Cien días después, hemos visto morir familiares, amigos y conocidos. Hemos conocido el espanto de rogar por una cama o llorar por un poco de oxígeno. Hemos experimentado la desesperación al imaginar que esa tosecita persistente, ese estornudo inoportuno, ese dolorcito en la garganta, podrían ser señal de lo peor.
Cien días después, hemos incorporado ciertas palabras y expresiones a nuestra habla cotidiana (coronavirus, pandemia, Covid, mascarilla, guantes, pruebas rápidas, serológicas, moleculares, curvas, ivermectina, hidroxicloroquina, dexametasona, bono, suspensión perfecta, zoom, teletrabajo). Las repetimos tanto que nos atrevemos a discutir con epidemiólogos, contradecir a los salubristas, reírnos de la ciencia.
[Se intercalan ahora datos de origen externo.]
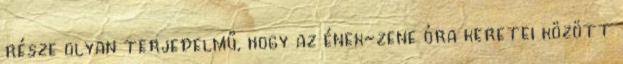
része olyan terjedelmű, hogy az ének-zene óra keretei között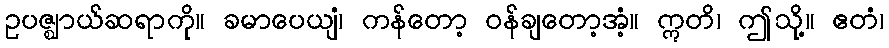
ဥပဇ္ဈာယ်ဆရာကို။ ခမာပေယျံ၊ ကန်တော့ ဝန်ချတော့အံ့။ ဣတိ၊ ဤသို့။ ဧတံ၊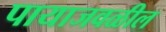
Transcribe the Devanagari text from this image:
पायाजवळील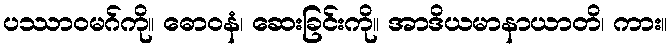
ပဿာဝမဂ်ကို။ ဓောဝနံ၊ ဆေးခြင်းကို။ အာဒိယမာနာယာတိ၊ ကား။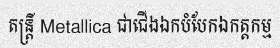
តន្ត្រី Metallica ជាជើងឯកបំបែកឯកត្តកម្ម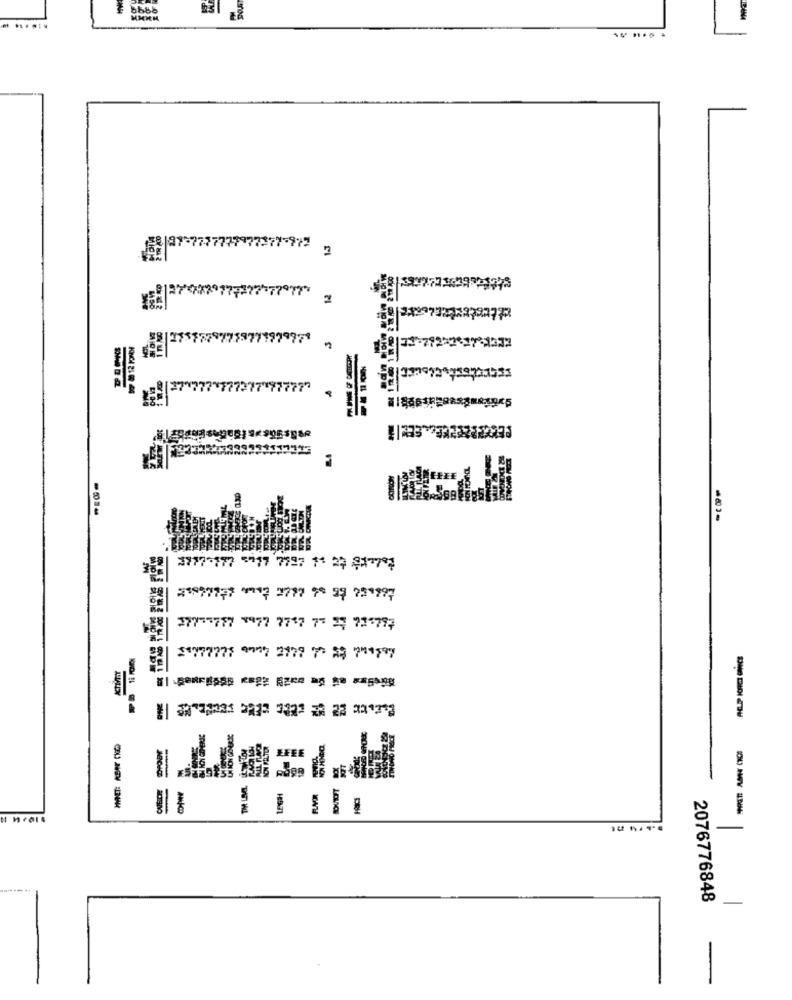
3777-177 -17 7797 1+ 22 217747
21997771 0117 2777 98 29 731997
27775777 9977 777 77 29 735797
TUALLY
-
2076776848
-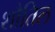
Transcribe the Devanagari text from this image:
शौतिल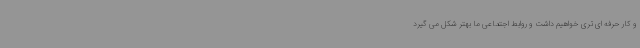
و کار حرفه ای تری خواهیم داشت و روابط اجتماعی ما بهتر شکل می گیرد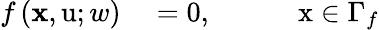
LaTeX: \begin{array}{r}{\begin{array}{rl}{f\left(\textbf{x},\mathrm{u};w\right)}&{{}=0,\quad\quad\quad\mathrm{x}\in\Gamma_{f}}\end{array}}\end{array}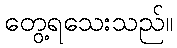
တွေ့ရသေးသည်။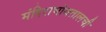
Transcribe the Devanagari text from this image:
मंदिराभोवतालची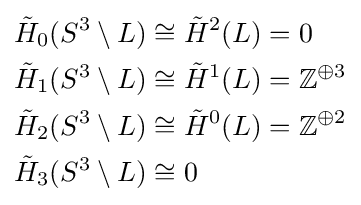
{\begin{aligned}{\tilde {H}}_{0}(S^{3}\setminus L)&\cong {\tilde {H}}^{2}(L)=0\\{\tilde {H}}_{1}(S^{3}\setminus L)&\cong {\tilde {H}}^{1}(L)=\mathbb {Z} ^{\oplus 3}\\{\tilde {H}}_{2}(S^{3}\setminus L)&\cong {\tilde {H}}^{0}(L)=\mathbb {Z} ^{\oplus 2}\\{\tilde {H}}_{3}(S^{3}\setminus L)&\cong 0\\\end{aligned}}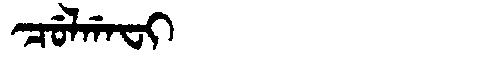
Manchu: ᠴᡠᠯᡤᠠᠸᡳ
Romanization: CULGAFI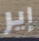
إير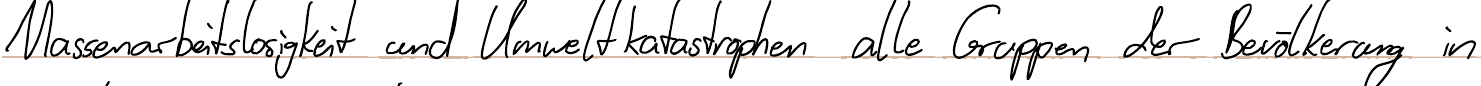
Massenarbeitslosigkeit und Umweltkatastrophen alle Gruppen der Bevölkerung in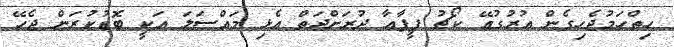
ހިތްހަމުޖެހިގެން އުރުގުއޭ ކޯޗު ފީފާއާ ދުރަށްދަތް އެޅި މައްސަލަ އަކީ ބޮޑުކުރަން ޖެހޭ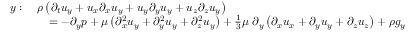
{ \begin{array} { r l } { y : \ } & { \rho \left( { \partial _ { t } u _ { y } } + u _ { x } { \partial _ { x } u _ { y } } + u _ { y } { \partial _ { y } u _ { y } } + u _ { z } { \partial _ { z } u _ { y } } \right) } \\ & { \quad = - { \partial _ { y } p } + \mu \left( { \partial _ { x } ^ { 2 } u _ { y } } + { \partial _ { y } ^ { 2 } u _ { y } } + { \partial _ { z } ^ { 2 } u _ { y } } \right) + { \frac { 1 } { 3 } } \mu \ \partial _ { y } \left( { \partial _ { x } u _ { x } } + { \partial _ { y } u _ { y } } + { \partial _ { z } u _ { z } } \right) + \rho g _ { y } } \end{array} }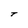
Character: T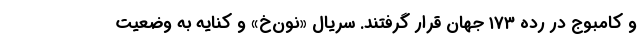
و کامبوج در رده ۱۷۳ جهان قرار گرفتند. سریال «نون‌خ» و کنایه به وضعیت

Cien días después, seguimos sin aprender a usar la mascarilla, a no abrazar a quienes queremos, a no mantener la distancia en las colas.
Cien días después, hemos visto a las clínicas salvar vidas a cambio de empobrecer a familias enteras.
Cien días después nos sabemos de memoria el discurso del presidente (“Cuando empezó la pandemia, teníamos 100 camas…”), no sabemos si reír cuando el MINSA anuncia que hay camas UCI disponibles, cuando el primer ministro contradice al ministro de Defensa, cuando el Congreso ni se toma la molestia de esconder sus conflictos de intereses.
Cien días después, extrañamos la vida que alguna vez tuvimos con todas sus imperfecciones.
Cien días después, ya no nos preguntamos qué pasará cuando termine esto, sino si esto alguna vez terminará.